April fools?
April Fool’s Day sets up interesting challenges for readers of newspapers and other media in trying to tell which stories are true and which are pranks.
Which (if any) of the following would you think are true (or at least seriously intended)?
1. Durham University is offering a course on Harry Potter. The module, entitled Harry Potter and the Age of Illusion includes a section “Welcome to Hogwarts: the commodification of education”.
2. In Sweden, news website The Local reports that workmen digging a rail tunnel under Stockholm have found Mjoelnir, the hammer used in Norse mythology by the thunder god Thor. It reports that the object, covered in runic writing and about 60cm long, was found embedded in granite and initially taken for “piping sticking out of the ground”.
3. NASA is planning to use a giant bag to capture an asteroid and tow it to the Moon. The $100m project will be included in its 2014 budget request. If successful, the asteroid will be used to help long-distance space missions.
4. In Russia, the State Duma (lower house of parliament) features a draft law submitted by deputy Sergei Ivanov, in which he proposes banning the consumption of garlic – popular among Russians – in public places.
5. A woman in Bradford claims she was raised by a group of capuchin monkeys in Colombia. Marina Chapman says she spent five years of her childhood with the primates after being kidnapped and abandoned in the jungle. Over time she developed leathery skin and powerful, sinewy arms.

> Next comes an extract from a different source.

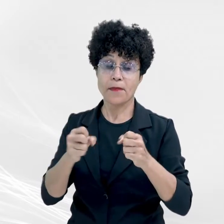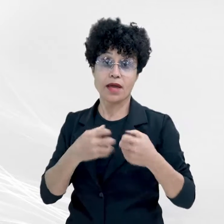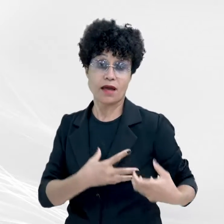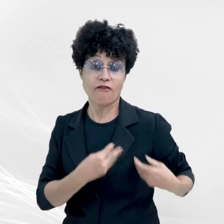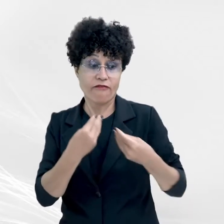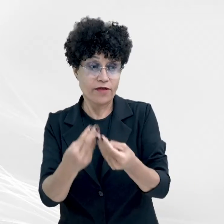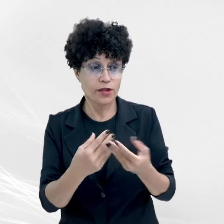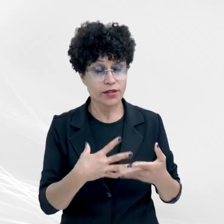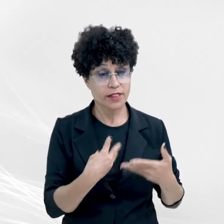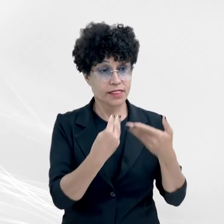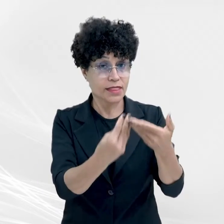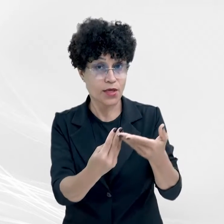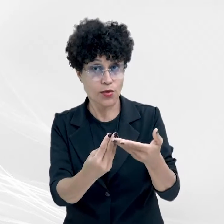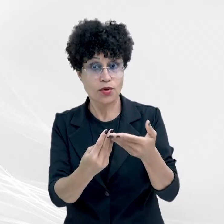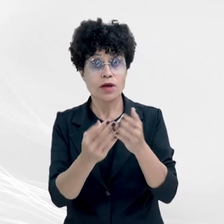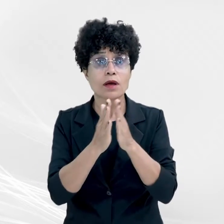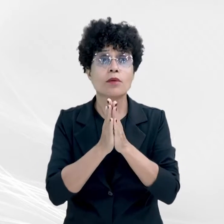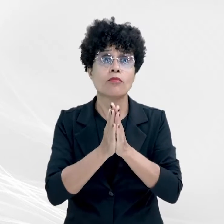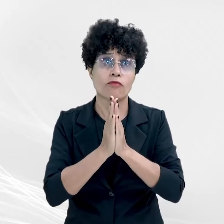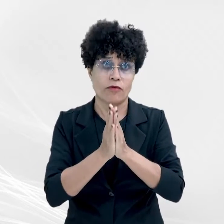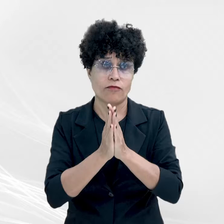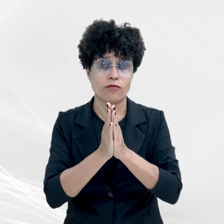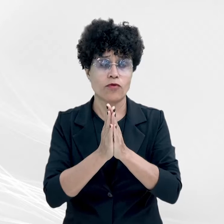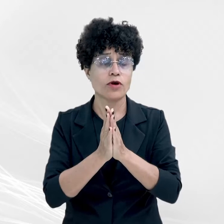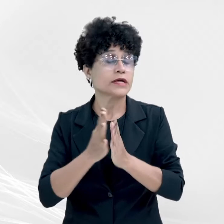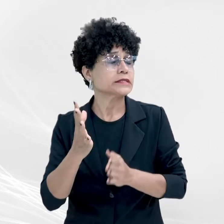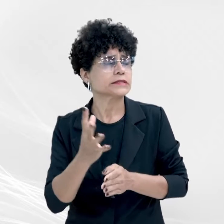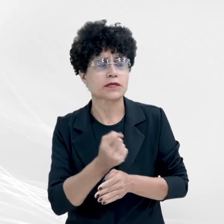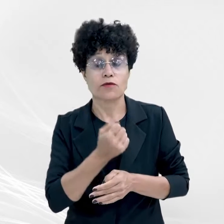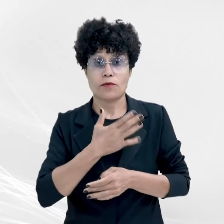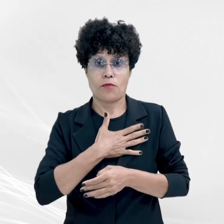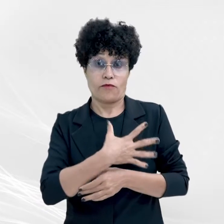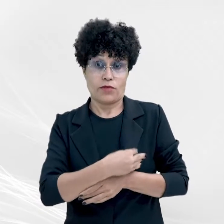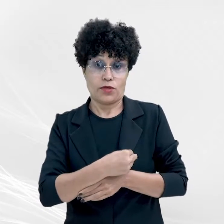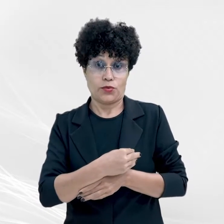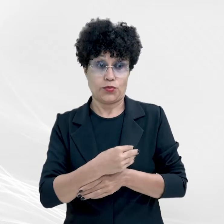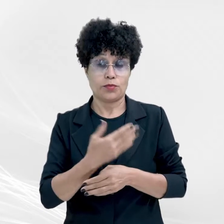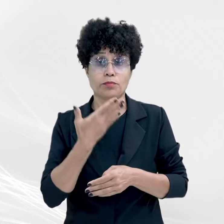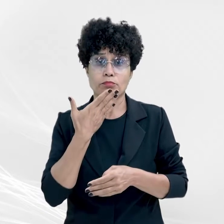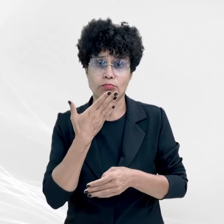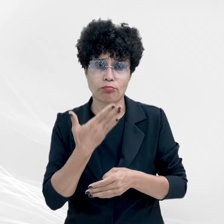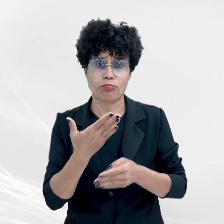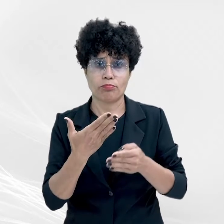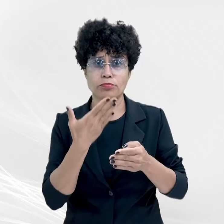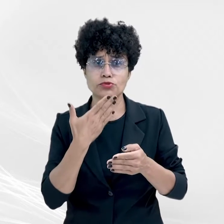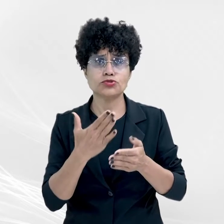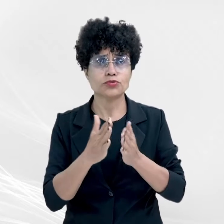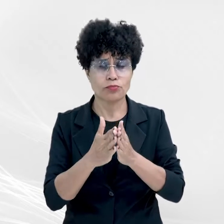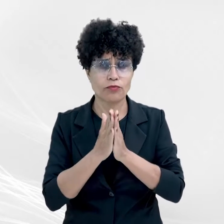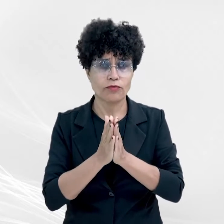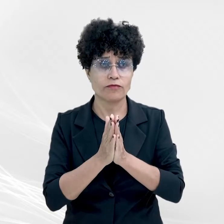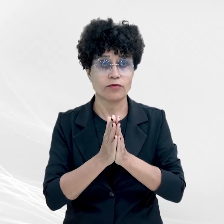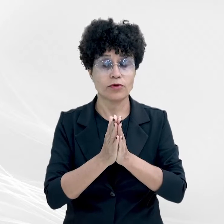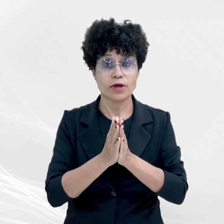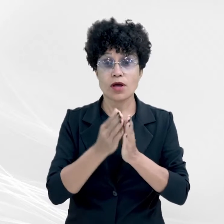implorando, entre aspas, salva meu filho, tendo o casal vizinho ficando com a criança.

6. Researchers at the Fuldstændig Består University in Denmark claim that research carried out under laboratory conditions proves plants have feelings and can react to external stimuli in “an almost human” fashion. At the John Innes Centre in Norwich, work will soon begin on developing a communication system which will allow scientists to hold ‘conversations’ with plants.
What did you think? Answers, along with the credits, are at the bottom of this post.
But it raises a more serious question: when unusual or surprising claims are made, how do we decide if they are true?
If our sole criterion is to test truth-claims by our present knowledge and experience, then we would have committed ourselves to a radical and paralysing scepticism.
We could ask: does the ‘claim’ show any signs of the intent of its originator? In the case of news items, the fact that it was published on 1st April or that it contains a half-hidden anagram raises the index of ‘suspicion’.
We could also ask: what are the sources? Can we check them? Is there any evidence of eye-witness testimony or independent corroboration?
When it comes to the truth-claims of the Bible, including (and expecially) the resurrection of Jesus Christ, then it will not do to say, ‘This has never happened before, or since, and so we cannot accept that it happened then’. But we do not have to treat it with credulity either. We can ask those same questions: What did the writers intend? Are the sources reliable? Can we detect eye-witness testimony and independent corroboration?
The answers to those questions might themselves be surprising. And life-changing.
[Answers to quiz: 1, 3 & 5 are TRUE. 2, 4 & 6 are FALSE. That’s according to this BBC source and Eastern Evening News 24.